**What you will do**
Go through the material below and copy each line where the word "Question" appears.

**Excerpted records**

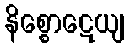
နိစ္စောဋေယျ
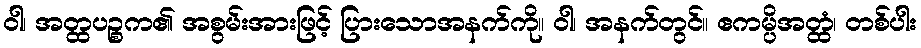
ဝါ၊ အတ္ထပဉ္စက၏ အစွမ်းအားဖြင့် ပြားသောအနက်ကို။ ဝါ၊ အနက်တွင်။ ဧကမ္ပိအတ္ထံ၊ တစ်ပါး
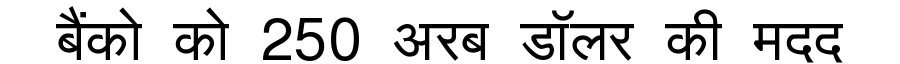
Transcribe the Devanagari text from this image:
बैंको को 250 अरब डॉलर की मदद
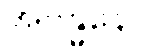
အဗန္ဓနော
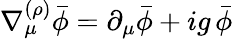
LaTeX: \nabla_{\mu}^{(\rho)}\bar{\phi}=\partial_{\mu}\bar{\phi}+ig\, \bar{\phi}
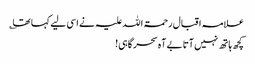
علامہ اقبال رحمۃ اللہ علیہ نے اسی لیے کہا تھا ؎
کچھ ہاتھ نہیں آتا بے آہ سحر گاہی!
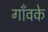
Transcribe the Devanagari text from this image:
गाँवके
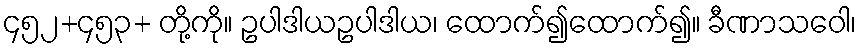
၄၅၂+၄၅၃+ တို့ကို။ ဥပါဒါယဥပါဒါယ၊ ထောက်၍ထောက်၍။ ခီဏာသဝေါ၊
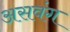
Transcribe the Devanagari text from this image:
असवंग
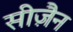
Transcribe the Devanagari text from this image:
सीज़ैन
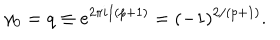
\gamma _ { 0 } = q \equiv e ^ { 2 \pi i / ( p + 1 ) } = ( - 1 ) ^ { 2 / ( p + 1 ) } .
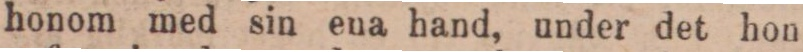
honom med sin ena hand, under det hon
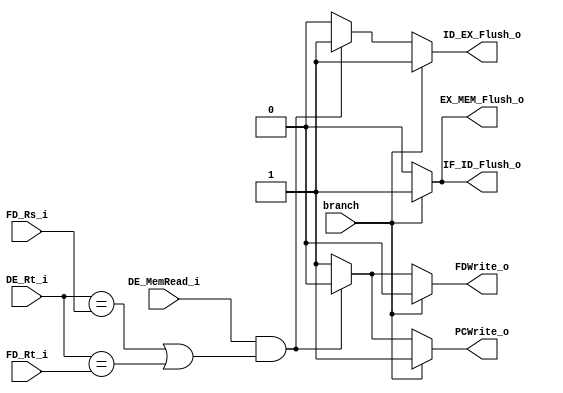
//Subject:     CO project  - HazardDetection
//--------------------------------------------------------------------------------
//Version:     
//--------------------------------------------------------------------------------

module HazardDetection_unit(
	branch,
	DE_MemRead_i,
	DE_Rt_i,
	FD_Rs_i,
	FD_Rt_i,
	PCWrite_o,
	FDWrite_o,
	IF_ID_Flush_o,
	ID_EX_Flush_o,
	EX_MEM_Flush_o
	);

// I/O ports
input  			branch;
input 			DE_MemRead_i;
input	[5-1:0] DE_Rt_i;
input	[5-1:0] FD_Rs_i;
input	[5-1:0] FD_Rt_i;

output 			PCWrite_o;
output 			FDWrite_o; 
output 			IF_ID_Flush_o;
output 			ID_EX_Flush_o;
output 			EX_MEM_Flush_o;

//Internal Signals
reg	 			PCWrite_o;
reg 			FDWrite_o; 
reg 			IF_ID_Flush_o;
reg 			ID_EX_Flush_o;
reg 			EX_MEM_Flush_o;

//Parameter

//Main function
always @(*) begin
	// Branch
	if(branch)begin
		PCWrite_o <= 1'd1;
		FDWrite_o <= 1'd0;
		IF_ID_Flush_o <= 1'd1;
		ID_EX_Flush_o <= 1'd1;
		EX_MEM_Flush_o <= 1'd1;
	end

	// Load hazard
	else if(DE_MemRead_i & ((DE_Rt_i == FD_Rs_i) | (DE_Rt_i == FD_Rt_i))) begin
		PCWrite_o <= 1'd0;
		FDWrite_o <= 1'd0;
		IF_ID_Flush_o <= 1'd0;
		ID_EX_Flush_o <= 1'd1;
		EX_MEM_Flush_o <= 1'd0;
	end

	//no hazard
	else begin
		PCWrite_o <= 1'd1;
		FDWrite_o <= 1'd1;
		IF_ID_Flush_o <= 1'd0;
		ID_EX_Flush_o <= 1'd0;
		EX_MEM_Flush_o <= 1'd0;
	end
end
endmodule
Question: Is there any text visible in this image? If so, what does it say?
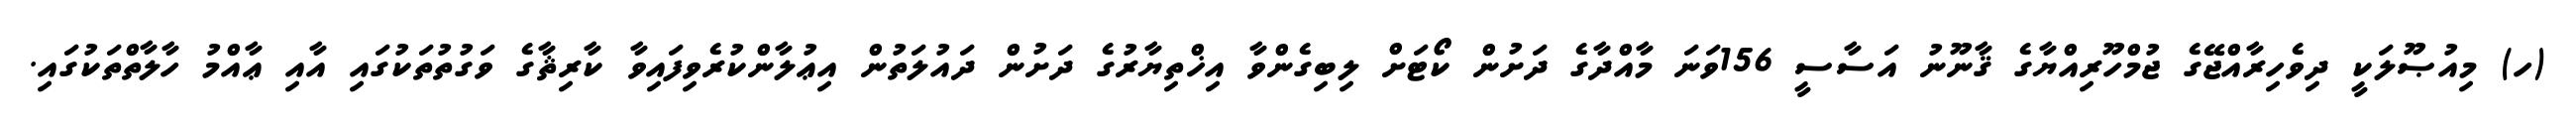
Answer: (ހ) މިއުޞޫލަކީ ދިވެހިރާއްޖޭގެ ޖުމްހޫރިއްޔާގެ ޤާނޫނު އަސާސީ 156ވަނަ މާއްދާގެ ދަށުން ކޯޓަށް ލިބިގެންވާ އިޚްތިޔާރުގެ ދަށުން ދައުލަތުން އިޢުލާންކުރެވިފައިވާ ކާރިޘާގެ ވަގުތުތަކުގައި އާއި ޢާއްމު ހާލާތްތަކުގައި.
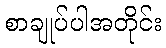
စာချုပ်ပါအတိုင်း
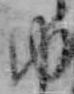
ゆ
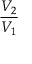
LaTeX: \frac { V _ { 2 } } { V _ { 1 } }
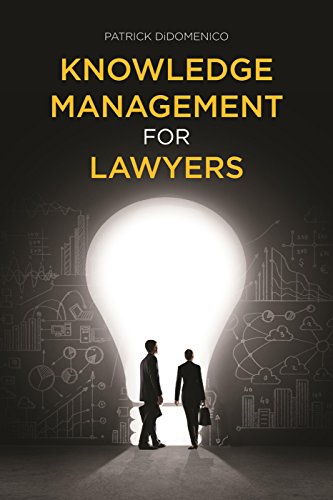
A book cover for Knowledge Management for Lawyers; Patrick DiDomenico; Law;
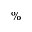
\%
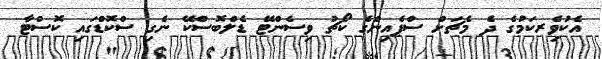
އެކުވެިރކަމުގެ ދެ މެޗަށް ސްޕެއިންގެ ކޯޗު ވިސެންޓޭ ޑެލްބޮސްކޭ ނެގި ސްކޮޑްގައި ކޮސްޓާ
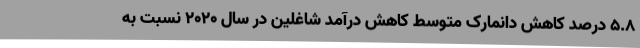
5.8 درصد کاهش دانمارک متوسط کاهش درآمد شاغلین در سال 2020 نسبت به
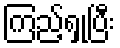
ကြည့်ရှုပြီး
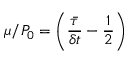
\mu / P _ { 0 } = \left( \frac { \bar { \tau } } { \delta t } - \frac { 1 } { 2 } \right)
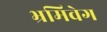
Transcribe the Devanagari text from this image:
भ्रमिवेग
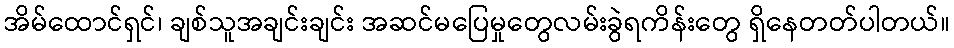
အိမ်ထောင်ရှင်၊ ချစ်သူအချင်းချင်း အဆင်မပြေမှုတွေလမ်းခွဲရကိန်းတွေ ရှိနေတတ်ပါတယ်။
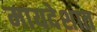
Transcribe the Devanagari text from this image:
मायदेशात
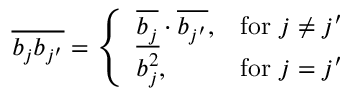
\begin{array} { r } { \overline { { b _ { j } b _ { j ^ { \prime } } } } = \left\{ \begin{array} { l l } { \overline { { b _ { j } } } \cdot \overline { { b _ { j ^ { \prime } } } } , } & { \mathrm { f o r } \ j \ne j ^ { \prime } } \\ { \overline { { b _ { j } ^ { 2 } } } , } & { \mathrm { f o r } \ j = j ^ { \prime } } \end{array} \right. } \end{array}
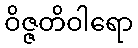
ဝိဇ္ဇတိဝါရော
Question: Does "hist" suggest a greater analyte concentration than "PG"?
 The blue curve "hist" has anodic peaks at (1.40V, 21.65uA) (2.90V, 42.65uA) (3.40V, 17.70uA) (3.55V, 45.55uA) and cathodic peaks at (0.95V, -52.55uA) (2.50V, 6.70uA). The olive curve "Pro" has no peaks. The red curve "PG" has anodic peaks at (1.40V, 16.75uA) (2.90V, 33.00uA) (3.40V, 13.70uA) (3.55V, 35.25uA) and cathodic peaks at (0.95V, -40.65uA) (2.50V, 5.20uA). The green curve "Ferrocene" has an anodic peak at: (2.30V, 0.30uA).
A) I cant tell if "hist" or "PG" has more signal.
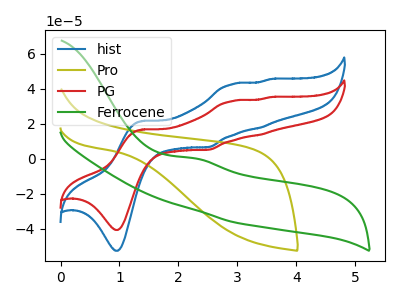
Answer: <think>All the peaks in "hist" have a peak in "PG" at the same potential.
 </think>
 <answer>A) I cant tell if "hist" or "PG" has more signal.</answer>
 <eval>A</eval>
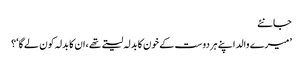
جانئے
’میرے والد اپنے ہردوست کے خون کا بدلہ لیتے تھے ،ان کا بدلہ کون لے گا‘؟
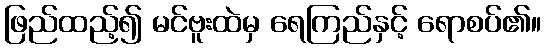
ဖြည်ထည့်၍ မင်ဗူးထဲမှ ရေကြည်နှင့် ရောစပ်၏။
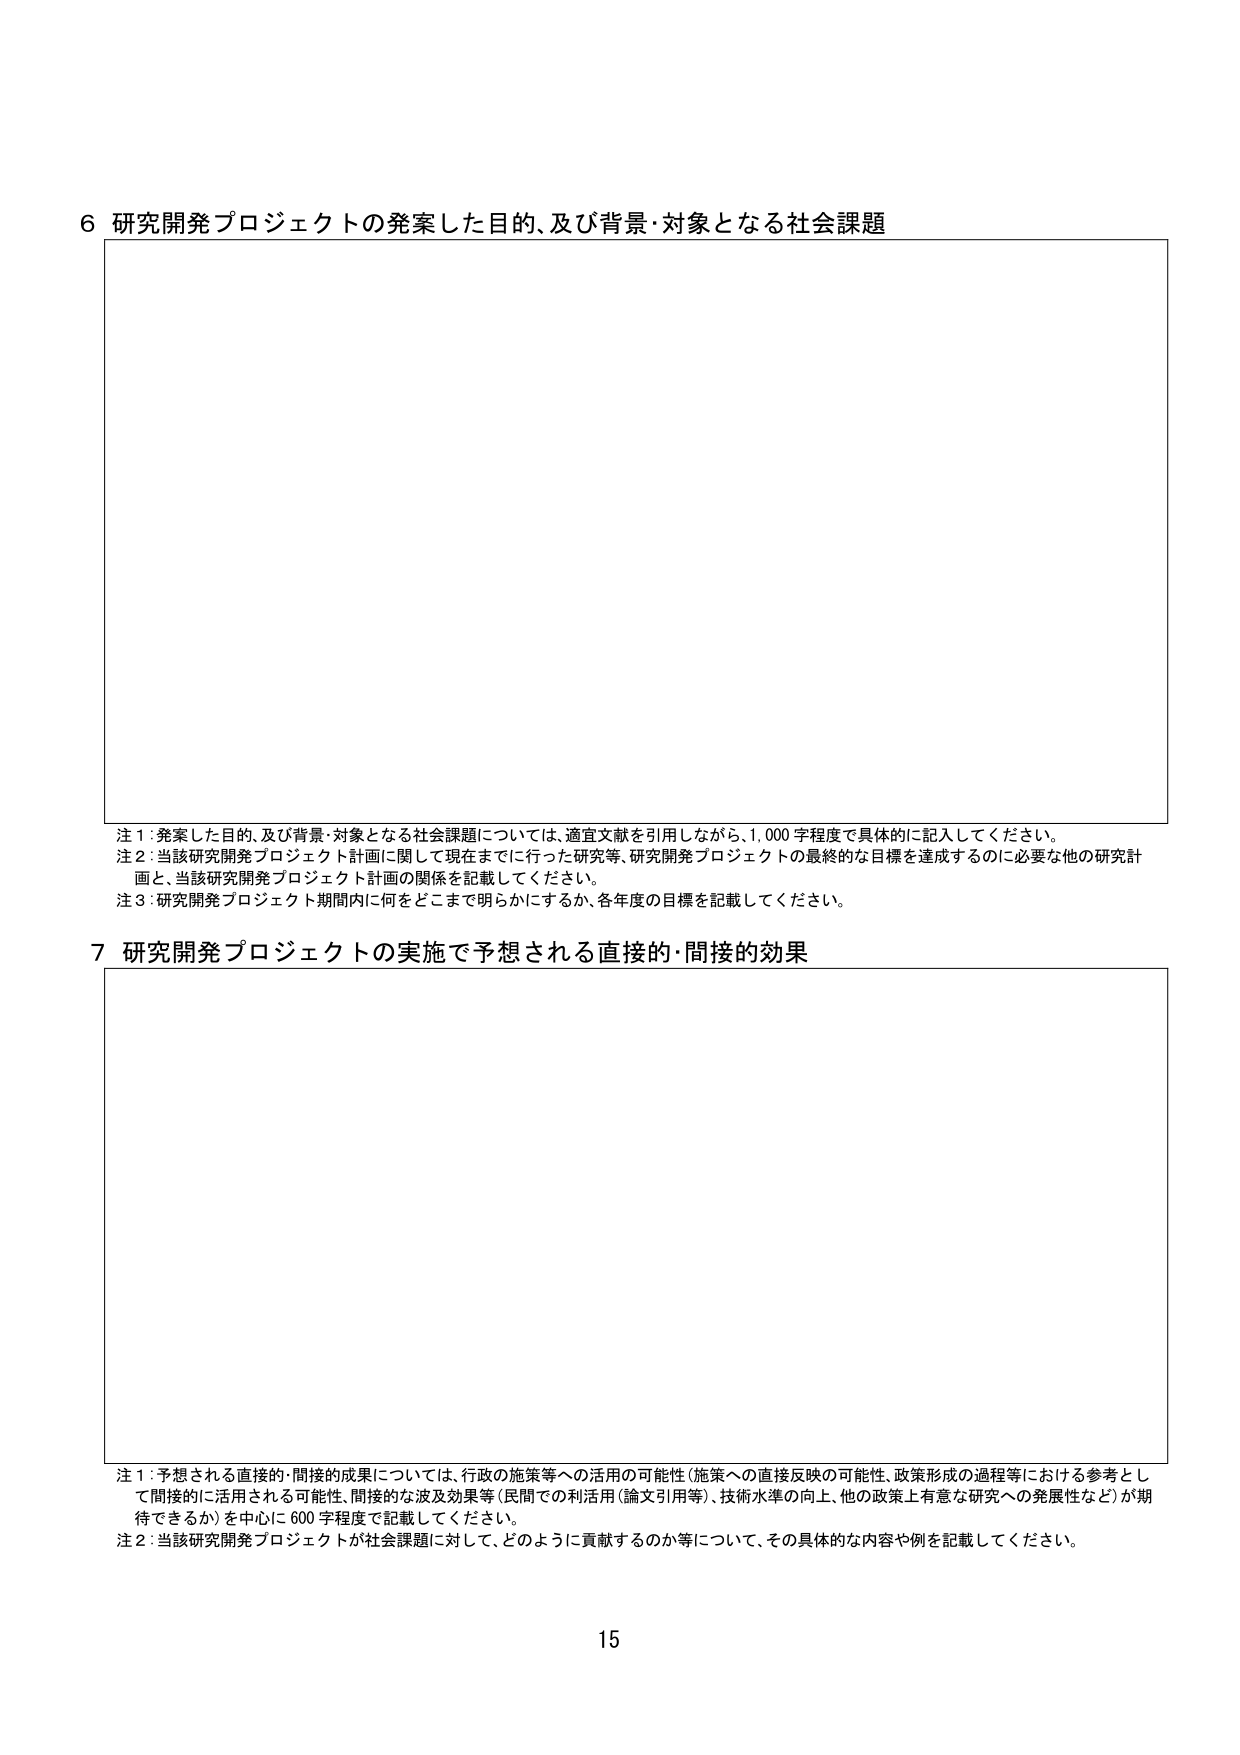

**Task solution**
Question: Is there any text visible in this image? If so, what does it say?
Question: Does "hist" suggest a greater analyte concentration than "PG"?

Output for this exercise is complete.